# Difference Between Wellness and Wellness Core?



## SchnellFowVay (Mar 10, 2009)

Two of our dachshund eat exclusively low fat food (they are a healthy weight, but they are always on the verge of being overweight).

Due to our local dogfood store being a bit screwy, they either have Wellness Healthy Weight or Wellness Core Healthy Weight each time we buy a bag. So our dogs have alternated between one or the other 3 - 4 times in the last 6 months. It never seems to give them diahhrea, and the food looks the same (and its from the same company).

Also, they are the same price.

So what is the difference between the standard Wellness, and the Wellness Core?


----------



## abi88 (Jul 2, 2008)

SchnellFowVay said:


> Two of our dachshund eat exclusively low fat food (they are a healthy weight, but they are always on the verge of being overweight).
> 
> Due to our local dogfood store being a bit screwy, they either have Wellness Healthy Weight or Wellness Core Healthy Weight each time we buy a bag. So our dogs have alternated between one or the other 3 - 4 times in the last 6 months. It never seems to give them diahhrea, and the food looks the same (and its from the same company).
> 
> ...


Core is Wellness's grain-free version.


----------



## InkedMarie (Mar 11, 2009)

Wellness Core healthy weight? Are you referring to their Core reduced fat? I fed that for over two years to a dog we adopted who was morbidly obese, she did very well on it. Abi88 is right, Core is grainfree, the other is not


----------



## SchnellFowVay (Mar 10, 2009)

Thanks!

Yeah, I am referring to Wellness Healthy Weight vs.
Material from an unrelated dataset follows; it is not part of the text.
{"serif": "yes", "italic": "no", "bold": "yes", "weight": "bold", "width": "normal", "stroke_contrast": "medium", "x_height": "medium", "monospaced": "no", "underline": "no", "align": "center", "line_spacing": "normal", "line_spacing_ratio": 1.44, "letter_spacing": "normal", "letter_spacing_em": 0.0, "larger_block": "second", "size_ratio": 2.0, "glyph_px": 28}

Core Reduced Fat.

Our third Dachshund who was a severely malnurished rescue is on Wellness Small Breed. His weight doubled in 4 months, his coat is shiny again, and he's doing great. We may need to switch him to Healthy Weight and/or reduce is portion sizes soon.

Thanks for all of the responses!


----------



## Enhasa (Feb 6, 2010)

i honestly feel that the "healthy weight" thing is overhyped.
the BEST method to control your dog's weight is to feed less. simple as that.

If you are feeding very little, but appropriate amounts, and the dog is still gaining weight, its best you change the brand of food just to see how it works out.
You can ask your vet about it while you are bringing your dog for occasional checkups. no need to make a special trip and spend money.
If your dog just have a weight-gain problem regardless of what he eats, and how much he eats, its best you then try reduced fat formulas.


----------